No sabría traducirlo correctamente al castellano porque lo que he leído sobre el tema está en inglés. Lo que nos ha llegado a nuestros días son textos árabes que hablan de una forma relativamente sencilla de averiguar si un sujeto tiene buena visión. Al parecer, en la antigua Persia seleccionaban a los guerreros en función (entre otras cosas, claro) de si eran capaces de superar la prueba. Preocupados por disponer de guerreros competentes y capaces, los persas recurrieron a las estrellas. Posteriormente los árabes heredaron esta tradición.

¿Cómo lo hicieron?. En la constelación de la Osa Mayor, la cuarta estrella más luminosa se llama Mizar. Al lado de ella (desde nuestro punto de vista, claro, no es que sean estrellas cercanas) hay otra menos luminosa llamada Alcor. Realmente es lo que ven nuestros ojos, porque lo que vemos como un único punto de luz que llamamos Mizar son cuatro estrellas, y Alcor son dos. Pero nos quedamos con lo que ópticamente distinguimos desde la Tierra. Alcor es menos brillante y está junto a Mizar, un poco al este y al sur. En los textos antiguos, esta pareja también se llama “el jinete y el caballo”, entendiendo a Alcor como el jinete. Así, todo soldado perteneciente a la guardia del sultán tenía que ser capaz de diferenciar como estrellas separadas a Alcor y a Mizar.

osamayor

Curiosamente, los principios teóricos son muy similares a los que utilizamos nosotros para crear nuestro sistema de optotipos. Repasando lo explicado, se trata de encontrar el detalle mínimo, la mínima distancia que somos capaces de ver como separada entre dos puntos. Medida en distancia angular, así anulamos el concepto de distancia al objeto.

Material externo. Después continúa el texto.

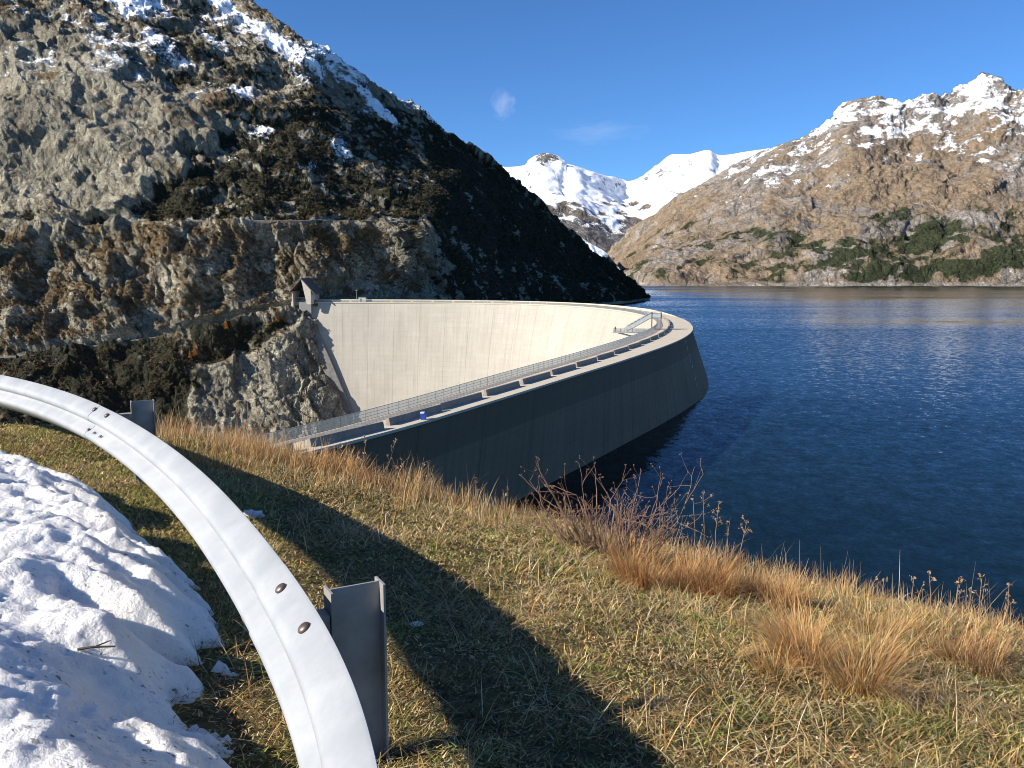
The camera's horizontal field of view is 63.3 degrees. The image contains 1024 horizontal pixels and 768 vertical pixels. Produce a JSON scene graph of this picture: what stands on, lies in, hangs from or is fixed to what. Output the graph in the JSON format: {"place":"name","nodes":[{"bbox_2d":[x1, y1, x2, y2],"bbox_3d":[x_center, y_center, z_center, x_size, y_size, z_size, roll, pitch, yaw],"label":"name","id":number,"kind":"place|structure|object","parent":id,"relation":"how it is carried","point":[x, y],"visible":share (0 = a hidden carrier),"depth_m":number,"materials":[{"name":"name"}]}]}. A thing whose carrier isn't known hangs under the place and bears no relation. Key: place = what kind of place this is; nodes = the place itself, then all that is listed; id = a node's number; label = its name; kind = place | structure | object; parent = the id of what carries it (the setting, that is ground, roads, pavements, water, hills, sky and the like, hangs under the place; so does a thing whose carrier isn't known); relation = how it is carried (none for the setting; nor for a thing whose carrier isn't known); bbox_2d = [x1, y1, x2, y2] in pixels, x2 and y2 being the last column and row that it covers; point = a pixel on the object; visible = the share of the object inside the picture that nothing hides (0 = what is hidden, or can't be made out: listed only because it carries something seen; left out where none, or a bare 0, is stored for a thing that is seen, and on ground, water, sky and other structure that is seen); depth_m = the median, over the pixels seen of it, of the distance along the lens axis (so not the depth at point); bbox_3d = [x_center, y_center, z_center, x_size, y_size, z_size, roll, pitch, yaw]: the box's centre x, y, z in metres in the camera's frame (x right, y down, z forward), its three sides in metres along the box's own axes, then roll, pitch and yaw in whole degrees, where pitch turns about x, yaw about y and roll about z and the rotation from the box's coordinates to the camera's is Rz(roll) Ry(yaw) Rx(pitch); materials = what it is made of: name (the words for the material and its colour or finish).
{"place":"outdoors","nodes":[
{"label":"outdoors","id":0,"kind":"place"},
{"bbox_2d":[0,337,154,357],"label":"road","id":1,"kind":"structure","parent":0,"point":[21,355],"depth_m":485.36,"materials":[{"name":"grey asphalt"}]},
{"bbox_2d":[204,431,280,455],"bbox_3d":[-3.389,0.767,10.477,1.290,0.479,0.835,3,8,21],"label":"grass tussock","id":2,"kind":"object","parent":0,"point":[251,436],"depth_m":10.53,"materials":[{"name":"brown plant"}]},
{"bbox_2d":[83,219,426,226],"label":"road","id":3,"kind":"structure","parent":0,"point":[196,221],"depth_m":543.57,"materials":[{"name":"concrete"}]},
{"bbox_2d":[0,0,649,445],"bbox_3d":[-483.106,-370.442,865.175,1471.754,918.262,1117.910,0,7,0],"label":"mountain slope","id":4,"kind":"structure","parent":0,"point":[96,126],"depth_m":572.42,"materials":[{"name":"grey stone"}]},
{"bbox_2d":[192,342,198,355],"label":"larch tree","id":5,"kind":"object","parent":4,"relation":"on","point":[194,349],"visible":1,"depth_m":499.94,"materials":[{"name":"orange plant"}]},
{"bbox_2d":[0,207,432,398],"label":"dry bushes","id":6,"kind":"object","parent":4,"relation":"on","point":[49,382],"visible":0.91,"depth_m":518.01,"materials":[{"name":"brown plant"}]},
{"bbox_2d":[289,278,322,313],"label":"tunnel portal","id":7,"kind":"object","parent":4,"relation":"on","point":[311,289],"visible":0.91,"depth_m":523.97,"materials":[{"name":"concrete"}]},
{"bbox_2d":[0,0,645,298],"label":"dry heath","id":8,"kind":"object","parent":4,"relation":"on","point":[318,174],"visible":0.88,"depth_m":660.69,"materials":[{"name":"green plant"}]},
{"bbox_2d":[17,1,650,325],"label":"dwarf pine scrub","id":9,"kind":"object","parent":4,"relation":"on","point":[436,147],"visible":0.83,"depth_m":694.00,"materials":[{"name":"green plant"}]},
{"bbox_2d":[264,299,708,510],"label":"arch dam","id":10,"kind":"structure","parent":4,"relation":"on","point":[374,354],"depth_m":197.27,"materials":[{"name":"concrete"}]},
{"bbox_2d":[276,442,294,450],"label":"barrier block","id":11,"kind":"structure","parent":10,"relation":"on","point":[286,446],"depth_m":79.98,"materials":[{"name":"concrete"}]},
{"bbox_2d":[307,421,384,446],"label":"barrier block","id":12,"kind":"structure","parent":10,"relation":"on","point":[352,432],"depth_m":86.83,"materials":[{"name":"concrete"}]},
{"bbox_2d":[386,404,441,425],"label":"barrier block","id":13,"kind":"structure","parent":10,"relation":"on","point":[401,418],"depth_m":98.36,"materials":[{"name":"concrete"}]},
{"bbox_2d":[420,412,425,419],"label":"service bin","id":14,"kind":"object","parent":10,"relation":"on","point":[423,415],"visible":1,"depth_m":98.00,"materials":[{"name":"blue plastic"}]},
{"bbox_2d":[246,300,656,444],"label":"railing","id":15,"kind":"object","parent":10,"relation":"on","point":[475,384],"visible":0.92,"depth_m":127.08,"materials":[{"name":"metal"}]},
{"bbox_2d":[438,392,482,409],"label":"barrier block","id":16,"kind":"structure","parent":10,"relation":"on","point":[460,400],"depth_m":109.87,"materials":[{"name":"concrete"}]},
{"bbox_2d":[483,381,519,395],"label":"barrier block","id":17,"kind":"structure","parent":10,"relation":"on","point":[500,388],"depth_m":121.75,"materials":[{"name":"concrete"}]},
{"bbox_2d":[520,371,550,384],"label":"barrier block","id":18,"kind":"structure","parent":10,"relation":"on","point":[526,380],"depth_m":134.11,"materials":[{"name":"concrete"}]},
{"bbox_2d":[550,364,575,374],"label":"barrier block","id":19,"kind":"structure","parent":10,"relation":"on","point":[562,369],"depth_m":146.39,"materials":[{"name":"concrete"}]},
{"bbox_2d":[575,357,596,366],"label":"barrier block","id":20,"kind":"structure","parent":10,"relation":"on","point":[586,361],"depth_m":159.00,"materials":[{"name":"concrete"}]},
{"bbox_2d":[595,351,613,359],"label":"barrier block","id":21,"kind":"structure","parent":10,"relation":"on","point":[605,355],"depth_m":171.52,"materials":[{"name":"concrete"}]},
{"bbox_2d":[613,346,628,353],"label":"barrier block","id":22,"kind":"structure","parent":10,"relation":"on","point":[620,350],"depth_m":183.97,"materials":[{"name":"concrete"}]},
{"bbox_2d":[627,342,640,348],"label":"barrier block","id":23,"kind":"structure","parent":10,"relation":"on","point":[637,344],"depth_m":196.46,"materials":[{"name":"concrete"}]},
{"bbox_2d":[613,311,661,335],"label":"viewing platform","id":24,"kind":"structure","parent":10,"relation":"attached to","point":[630,328],"depth_m":259.42,"materials":[{"name":"metal"}]},
{"bbox_2d":[639,338,650,343],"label":"barrier block","id":25,"kind":"structure","parent":10,"relation":"on","point":[645,340],"depth_m":209.27,"materials":[{"name":"concrete"}]},
{"bbox_2d":[649,334,658,339],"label":"barrier block","id":26,"kind":"structure","parent":10,"relation":"on","point":[653,337],"depth_m":221.06,"materials":[{"name":"concrete"}]},
{"bbox_2d":[0,422,1023,767],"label":"hillside ground","id":27,"kind":"structure","parent":0,"point":[204,720],"depth_m":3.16,"materials":[{"name":"green plant"}]},
{"bbox_2d":[0,450,238,767],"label":"snow bank","id":28,"kind":"structure","parent":27,"relation":"on","point":[82,564],"depth_m":2.79,"materials":[{"name":"white snow"}]},
{"bbox_2d":[77,640,115,650],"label":"twig","id":29,"kind":"object","parent":28,"relation":"on","point":[88,647],"visible":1,"depth_m":2.65,"materials":[{"name":"brown wood"}]},
{"bbox_2d":[0,375,388,767],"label":"guardrail","id":30,"kind":"object","parent":27,"relation":"on","point":[326,667],"visible":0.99,"depth_m":2.44,"materials":[{"name":"silver metal"}]},
{"bbox_2d":[243,509,263,518],"bbox_3d":[-1.705,0.855,5.421,0.154,0.066,0.130,-6,10,-40],"label":"snow lump","id":31,"kind":"object","parent":27,"relation":"on","point":[255,513],"visible":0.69,"depth_m":5.40,"materials":[{"name":"white snow"}]},
{"bbox_2d":[339,443,349,466],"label":"dried weed","id":32,"kind":"object","parent":27,"relation":"on","point":[342,452],"visible":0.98,"depth_m":7.72,"materials":[{"name":"brown plant"}]},
{"bbox_2d":[289,439,401,487],"bbox_3d":[-1.724,0.761,8.051,1.114,0.532,1.104,-7,10,-42],"label":"grass tussock","id":33,"kind":"object","parent":27,"relation":"on","point":[332,465],"depth_m":8.08,"materials":[{"name":"brown plant"}]},
{"bbox_2d":[357,435,367,478],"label":"dried weed","id":34,"kind":"object","parent":27,"relation":"on","point":[363,456],"visible":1,"depth_m":7.91,"materials":[{"name":"brown plant"}]},
{"bbox_2d":[380,438,396,484],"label":"dried weed","id":35,"kind":"object","parent":27,"relation":"on","point":[391,455],"visible":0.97,"depth_m":7.94,"materials":[{"name":"brown plant"}]},
{"bbox_2d":[393,458,403,490],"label":"dried weed","id":36,"kind":"object","parent":27,"relation":"on","point":[401,465],"visible":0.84,"depth_m":7.79,"materials":[{"name":"brown plant"}]},
{"bbox_2d":[409,621,423,626],"bbox_3d":[-0.426,1.070,3.691,0.070,0.023,0.050,0,7,0],"label":"snow lump","id":37,"kind":"object","parent":27,"relation":"on","point":[415,623],"visible":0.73,"depth_m":3.69,"materials":[{"name":"white snow"}]},
{"bbox_2d":[423,461,430,487],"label":"dried weed","id":38,"kind":"object","parent":27,"relation":"on","point":[429,473],"visible":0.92,"depth_m":7.90,"materials":[{"name":"brown plant"}]},
{"bbox_2d":[502,486,508,513],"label":"dried weed","id":39,"kind":"object","parent":27,"relation":"on","point":[504,497],"visible":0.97,"depth_m":7.42,"materials":[{"name":"brown plant"}]},
{"bbox_2d":[110,401,1023,648],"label":"tall dry grass","id":40,"kind":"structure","parent":27,"relation":"on","point":[285,452],"depth_m":7.32,"materials":[{"name":"brown plant"}]},
{"bbox_2d":[484,453,710,560],"bbox_3d":[0.683,0.983,6.260,1.610,0.938,0.996,-4,8,-26],"label":"bare bush","id":41,"kind":"object","parent":27,"relation":"on","point":[565,517],"visible":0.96,"depth_m":6.25,"materials":[{"name":"brown plant"}]},
{"bbox_2d":[580,523,761,601],"bbox_3d":[0.990,1.110,5.176,1.233,0.541,1.027,0,7,0],"label":"grass tussock","id":42,"kind":"object","parent":27,"relation":"on","point":[642,575],"depth_m":5.11,"materials":[{"name":"brown plant"}]},
{"bbox_2d":[686,495,701,560],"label":"dried weed","id":43,"kind":"object","parent":27,"relation":"on","point":[694,525],"visible":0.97,"depth_m":6.75,"materials":[{"name":"brown plant"}]},
{"bbox_2d":[700,490,712,544],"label":"dried weed","id":44,"kind":"object","parent":27,"relation":"on","point":[705,500],"visible":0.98,"depth_m":6.82,"materials":[{"name":"brown plant"}]},
{"bbox_2d":[712,501,722,561],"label":"dried weed","id":45,"kind":"object","parent":27,"relation":"on","point":[716,524],"visible":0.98,"depth_m":6.80,"materials":[{"name":"brown plant"}]},
{"bbox_2d":[720,519,728,566],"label":"dried weed","id":46,"kind":"object","parent":27,"relation":"on","point":[727,535],"visible":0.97,"depth_m":6.74,"materials":[{"name":"brown plant"}]},
{"bbox_2d":[667,544,795,601],"bbox_3d":[1.335,1.190,5.187,0.834,0.385,0.804,-4,9,-30],"label":"grass tussock","id":47,"kind":"object","parent":27,"relation":"on","point":[739,590],"depth_m":5.18,"materials":[{"name":"brown plant"}]},
{"bbox_2d":[737,515,752,567],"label":"dried weed","id":48,"kind":"object","parent":27,"relation":"on","point":[750,530],"visible":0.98,"depth_m":6.64,"materials":[{"name":"brown plant"}]},
{"bbox_2d":[726,555,837,610],"bbox_3d":[1.673,1.239,5.141,0.782,0.374,0.776,-2,8,-14],"label":"grass tussock","id":49,"kind":"object","parent":27,"relation":"on","point":[778,592],"depth_m":5.13,"materials":[{"name":"beige plant"}]},
{"bbox_2d":[716,560,960,716],"bbox_3d":[1.335,1.069,3.466,1.009,0.490,1.132,3,8,24],"label":"grass tussock","id":50,"kind":"object","parent":27,"relation":"on","point":[792,642],"depth_m":3.43,"materials":[{"name":"beige plant"}]},
{"bbox_2d":[875,576,887,600],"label":"dried weed","id":51,"kind":"object","parent":27,"relation":"on","point":[881,585],"visible":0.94,"depth_m":5.89,"materials":[{"name":"brown plant"}]},
{"bbox_2d":[822,592,955,641],"bbox_3d":[2.063,1.280,4.550,0.738,0.339,0.678,0,7,0],"label":"grass tussock","id":52,"kind":"object","parent":27,"relation":"on","point":[880,624],"depth_m":4.63,"materials":[{"name":"brown plant"}]},
{"bbox_2d":[909,575,924,608],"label":"dried weed","id":53,"kind":"object","parent":27,"relation":"on","point":[914,577],"visible":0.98,"depth_m":5.57,"materials":[{"name":"brown plant"}]},
{"bbox_2d":[923,570,936,612],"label":"dried weed","id":54,"kind":"object","parent":27,"relation":"on","point":[928,571],"visible":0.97,"depth_m":5.52,"materials":[{"name":"brown plant"}]},
{"bbox_2d":[885,604,1023,682],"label":"grass tussock","id":55,"kind":"object","parent":27,"relation":"on","point":[972,654],"depth_m":4.04,"materials":[{"name":"beige plant"}]},
{"bbox_2d":[954,576,968,614],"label":"dried weed","id":56,"kind":"object","parent":27,"relation":"on","point":[957,582],"visible":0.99,"depth_m":5.52,"materials":[{"name":"brown plant"}]},
{"bbox_2d":[968,573,987,623],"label":"dried weed","id":57,"kind":"object","parent":27,"relation":"on","point":[979,574],"visible":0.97,"depth_m":5.52,"materials":[{"name":"brown plant"}]},
{"bbox_2d":[1004,583,1016,625],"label":"dried weed","id":58,"kind":"object","parent":27,"relation":"on","point":[1008,594],"visible":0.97,"depth_m":5.42,"materials":[{"name":"brown plant"}]},
{"bbox_2d":[567,227,619,269],"bbox_3d":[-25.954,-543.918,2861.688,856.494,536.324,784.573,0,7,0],"label":"mountain spur","id":59,"kind":"structure","parent":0,"point":[598,251],"depth_m":2953.20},
{"bbox_2d":[503,148,769,250],"bbox_3d":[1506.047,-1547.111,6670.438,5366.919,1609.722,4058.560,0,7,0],"label":"snowy mountains","id":60,"kind":"structure","parent":0,"point":[602,212],"depth_m":6998.78,"materials":[{"name":"white snow"}]},
{"bbox_2d":[254,0,1023,180],"label":"sky","id":61,"kind":"structure","parent":0,"point":[615,88],"materials":[{"name":"blue"}]},
{"bbox_2d":[501,286,1023,626],"bbox_3d":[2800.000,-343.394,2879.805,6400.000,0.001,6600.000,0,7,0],"label":"lake water","id":62,"kind":"structure","parent":0,"point":[873,431],"depth_m":170.39,"materials":[{"name":"blue liquid"}]},
{"bbox_2d":[605,72,1023,285],"bbox_3d":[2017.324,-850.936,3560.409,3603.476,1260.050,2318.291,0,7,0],"label":"mountain range","id":63,"kind":"structure","parent":0,"point":[924,190],"depth_m":3053.39,"materials":[{"name":"brown stone"}]}
]}

Este detalle mínimo lo establecemos como “normal” para una visión correcta en un minuto de arco. Cuando un sujeto es capaz de diferenciar detalles en un minuto de arco hablamos de visión del 100% (más correcto, visión de 1 en el sistema decimal, o visión de 20/20 en el sistema anglosajón). El optotipo de “E” de Snellen se basa en esto, para el test del 100% (1 ó 20/20) cada pata y cada espacio entre patas de la “E” tienen un ángulo de grosor de minuto de arco, para un tamaño total del optotipo de 5 minutos de arco. Por lo tanto el optotipo de un tamaño específico debe ponerse a una distancia determinada para que se cumplan esos ángulos.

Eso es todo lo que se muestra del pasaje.